手元にあるピースはバラバラの1ピースだったり、既に組み立てられた塊だったりする。
完成図やパズルのフレームは無いので、最終的にどんな大きさで、どんなテーマをもっているものが出来上がるのかは予想もできない。

完成した完璧な状態のパズルを知ることができるのは、きっと作者だけだ。
ただ、好奇心だったり、ピースに映る絵柄だったり、その作者が好きという気持ちだったり、話題性だったりに惹かれて、思わずパズルを初めてしまう。

自分もその一人だ。
時刻は深夜零時。

完成図が分からないので、とりあえず手元にあるピースたちを眺めて自分なりにイメージしてみる。
ふと、塊になったピースを見てみると、それは一直線のへんを持っている事に気がつく。
4辺のうち、どこに属するかはイマイチわからないが適当なところに置いてみる。
すると、どこからとも無く新たなピースが降ってきた。

特に驚くことはない。
手元にあったピースは明らかに数が少なく、これで完成させられる訳がないと思っていたからだ。

まずは、鉄則通り4辺を埋めていく。
なんとなく埋まってきたなと感じたので、明らかにピースは足りていないが再度全体をイメージし、再び手を動かし始める。
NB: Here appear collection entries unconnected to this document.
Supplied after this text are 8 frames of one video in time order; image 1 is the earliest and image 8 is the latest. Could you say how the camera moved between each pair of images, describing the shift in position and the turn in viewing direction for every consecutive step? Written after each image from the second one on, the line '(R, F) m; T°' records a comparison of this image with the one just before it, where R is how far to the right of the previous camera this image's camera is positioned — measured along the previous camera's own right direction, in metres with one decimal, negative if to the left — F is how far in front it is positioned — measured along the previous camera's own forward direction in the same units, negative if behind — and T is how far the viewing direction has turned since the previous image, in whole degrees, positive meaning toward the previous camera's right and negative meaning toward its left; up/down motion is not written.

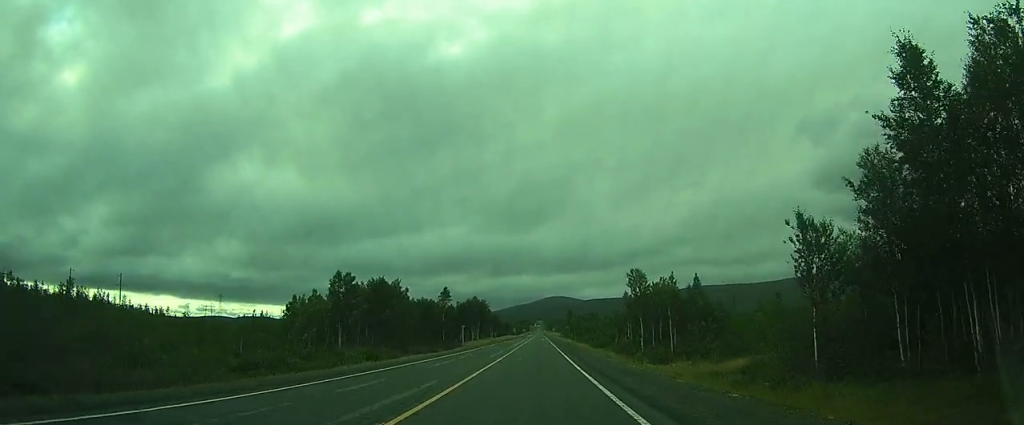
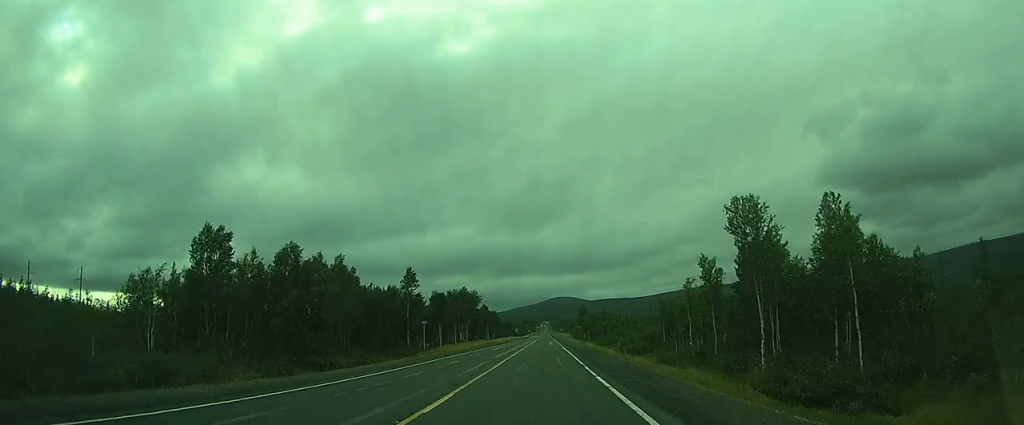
(0.0, +29.2) m; 0°
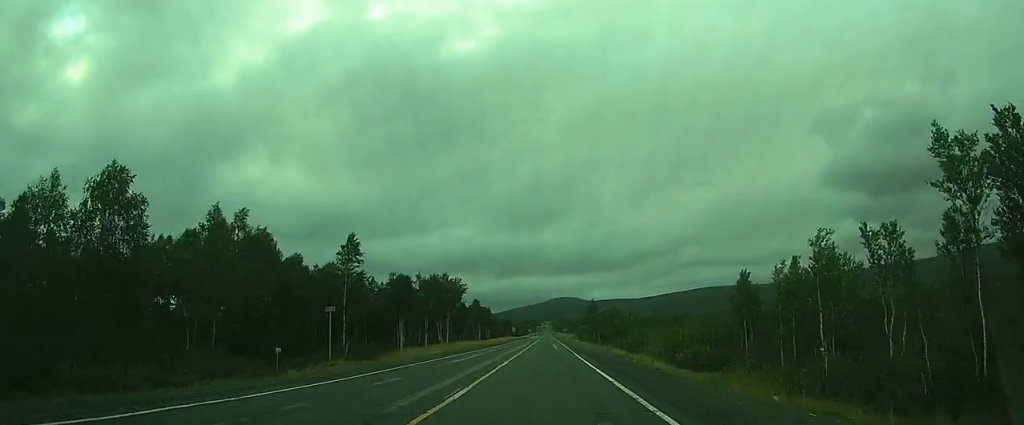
(-0.2, +22.3) m; 0°
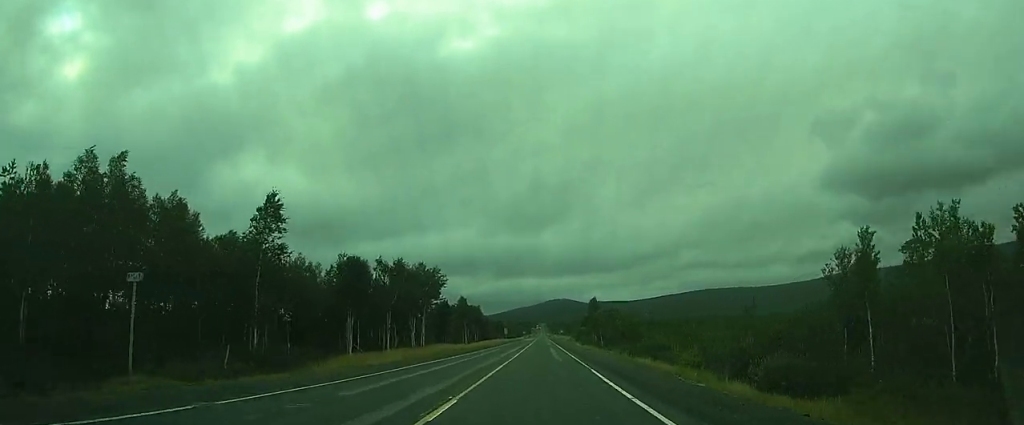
(0.0, +13.9) m; 0°
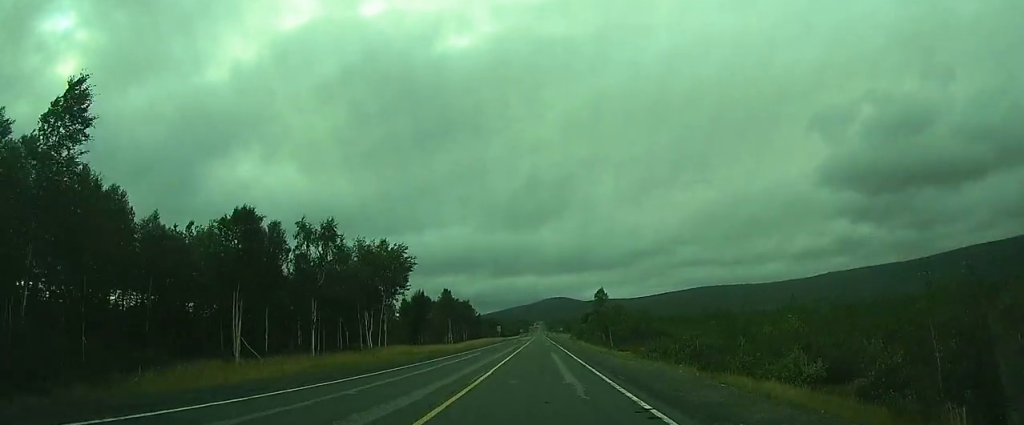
(0.0, +16.3) m; 0°
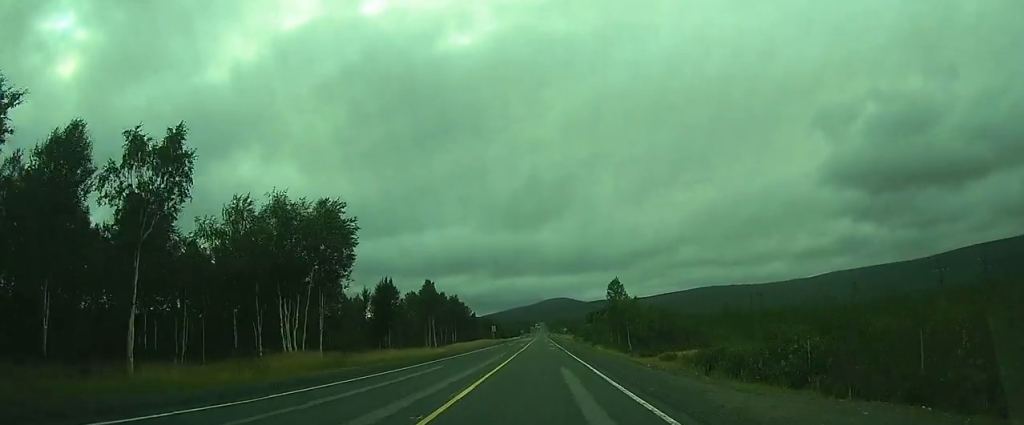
(0.0, +16.3) m; 0°
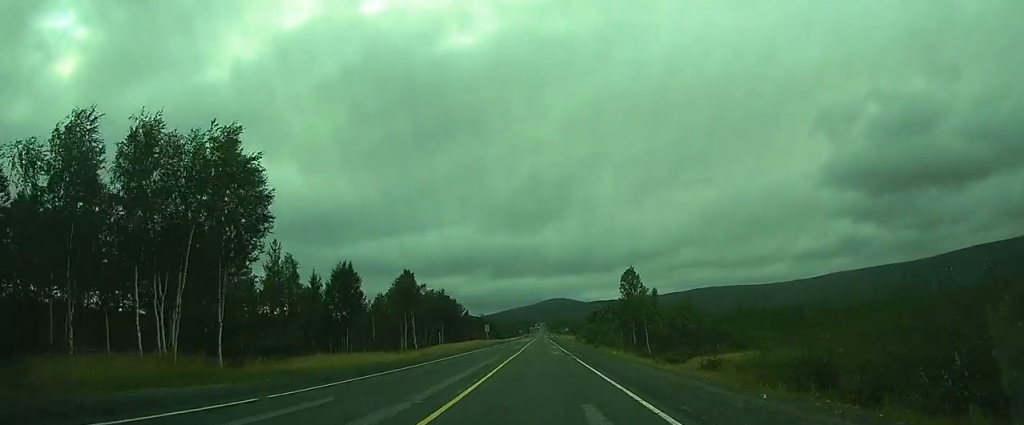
(0.0, +12.3) m; 0°
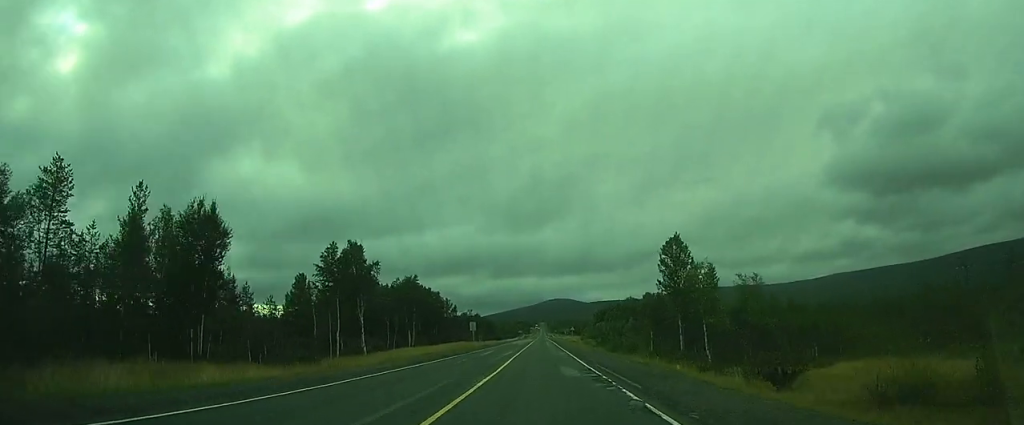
(0.0, +20.0) m; 0°

へんを持つピースが手元からなくなったので、四方に凹凸があるピース達に目をやる。
全体像のイメージからしてこのあたりかなと予想がつくピースもあれば、こんなのどこ入るんだよと、他のパズルのピースが混ざっていることを疑いたくなるようなピースもある。
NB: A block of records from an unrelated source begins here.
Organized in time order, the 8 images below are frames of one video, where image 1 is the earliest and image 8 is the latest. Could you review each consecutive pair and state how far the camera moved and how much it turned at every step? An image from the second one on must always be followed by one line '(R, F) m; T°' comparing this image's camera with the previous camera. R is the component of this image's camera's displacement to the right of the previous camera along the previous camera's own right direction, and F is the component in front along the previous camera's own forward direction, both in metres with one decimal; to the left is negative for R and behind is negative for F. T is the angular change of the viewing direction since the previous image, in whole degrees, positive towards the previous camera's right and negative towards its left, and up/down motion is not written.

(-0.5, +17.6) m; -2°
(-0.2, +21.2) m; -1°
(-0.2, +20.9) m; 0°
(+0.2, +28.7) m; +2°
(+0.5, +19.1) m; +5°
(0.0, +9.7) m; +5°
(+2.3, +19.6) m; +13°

予想していたピースがピッタリハマった時の快感は、プログラミングで自分の書いたコードが予想通り動いた時のものに似ていて、なんとも言えない中毒性がある。

そうやってパズルを進めるうちに、どんどん全体像がはっきりしてくる。
同時に、自分の想像していた全体像とは全く違うことにも気付かされ、その興奮がパズルを進める手に拍車をかける。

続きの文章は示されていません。